Write the data out again, character for character, with no images.
═══ Task material
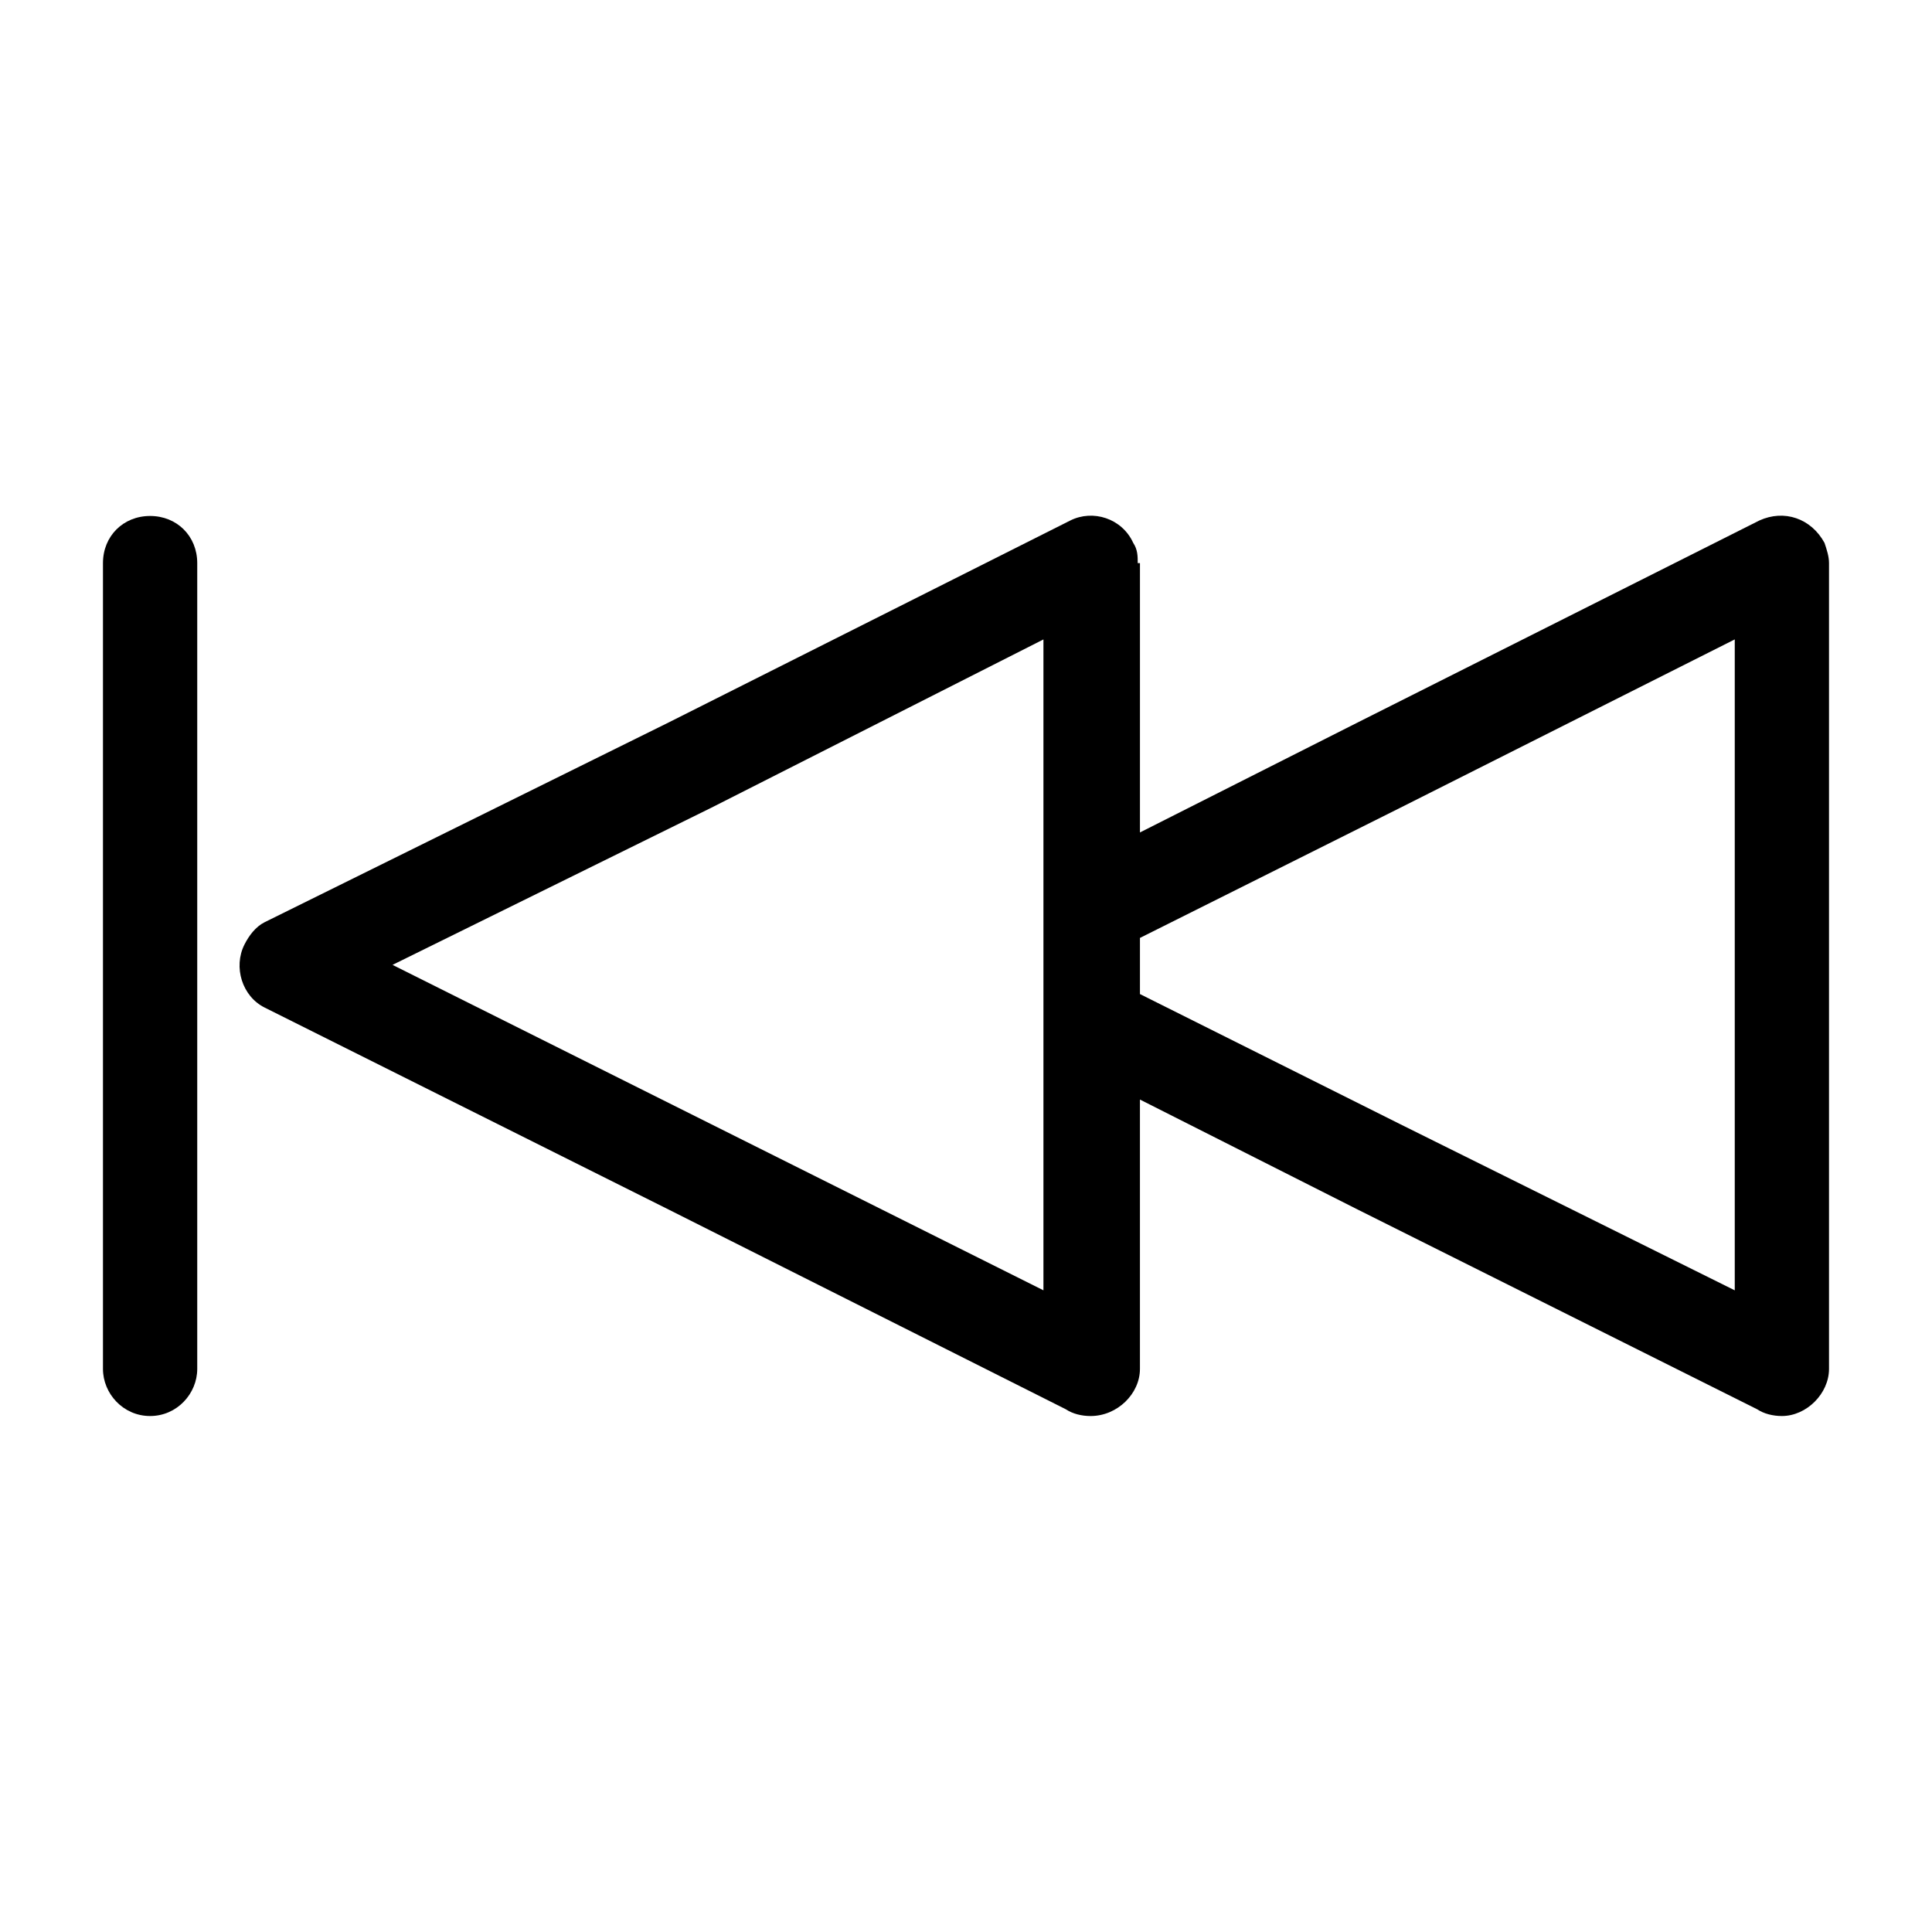 <?xml version="1.0" encoding="UTF-8"?>
<!-- Uploaded to: SVG Repo, www.svgrepo.com, Generator: SVG Repo Mixer Tools -->
<svg fill="#000000" width="800px" height="800px" version="1.1" viewBox="144 144 512 512" xmlns="http://www.w3.org/2000/svg">
 <g>
  <path d="m214.12 388.4 107.07-52.938 106.47-53.535c5.949-2.973 13.68-0.594 16.656 5.949 1.191 1.785 1.191 3.57 1.191 5.352h0.594v71.379l57.695-29.145 106.47-53.535c6.543-2.973 13.68-0.594 17.25 5.949 0.594 1.785 1.191 3.57 1.191 5.352v213.54c0 6.543-5.949 12.492-12.492 12.492-2.379 0-4.758-0.594-6.543-1.785l-105.88-52.938-57.695-29.145v71.379c0 6.543-5.949 12.492-13.086 12.492-2.379 0-4.758-0.594-6.543-1.785l-105.28-52.938-107.07-53.535c-5.949-2.973-8.328-10.707-5.352-16.656 1.191-2.379 2.973-4.758 5.352-5.949zm231.98 4.164v14.871l69 34.5 88.629 44.016v-172.5l-88.629 44.609-69 34.5zm-113.61-34.5-84.465 41.637 84.465 42.23 88.031 44.016v-172.49z"/>
  <path d="m196.27 506.77c0 6.543-5.352 12.492-12.492 12.492-7.137 0-12.492-5.949-12.492-12.492v-213.54c0-7.137 5.352-12.492 12.492-12.492 7.137 0 12.492 5.352 12.492 12.492z"/>
 </g>
</svg>
══════
## Solved exercise
 <?xml version="1.0" encoding="UTF-8"?>
<!-- Uploaded to: SVG Repo, www.svgrepo.com, Generator: SVG Repo Mixer Tools -->
<svg fill="#000000" width="800px" height="800px" version="1.1" viewBox="144 144 512 512" xmlns="http://www.w3.org/2000/svg">
 <g>
  <path d="m214.12 388.4 107.07-52.938 106.47-53.535c5.949-2.973 13.68-0.594 16.656 5.949 1.191 1.785 1.191 3.57 1.191 5.352h0.594v71.379l57.695-29.145 106.47-53.535c6.543-2.973 13.68-0.594 17.25 5.949 0.594 1.785 1.191 3.57 1.191 5.352v213.54c0 6.543-5.949 12.492-12.492 12.492-2.379 0-4.758-0.594-6.543-1.785l-105.88-52.938-57.695-29.145v71.379c0 6.543-5.949 12.492-13.086 12.492-2.379 0-4.758-0.594-6.543-1.785l-105.28-52.938-107.07-53.535c-5.949-2.973-8.328-10.707-5.352-16.656 1.191-2.379 2.973-4.758 5.352-5.949zm231.98 4.164v14.871l69 34.5 88.629 44.016v-172.5l-88.629 44.609-69 34.5zm-113.61-34.5-84.465 41.637 84.465 42.23 88.031 44.016v-172.49z"/>
  <path d="m196.27 506.77c0 6.543-5.352 12.492-12.492 12.492-7.137 0-12.492-5.949-12.492-12.492v-213.54c0-7.137 5.352-12.492 12.492-12.492 7.137 0 12.492 5.352 12.492 12.492z"/>
 </g>
</svg>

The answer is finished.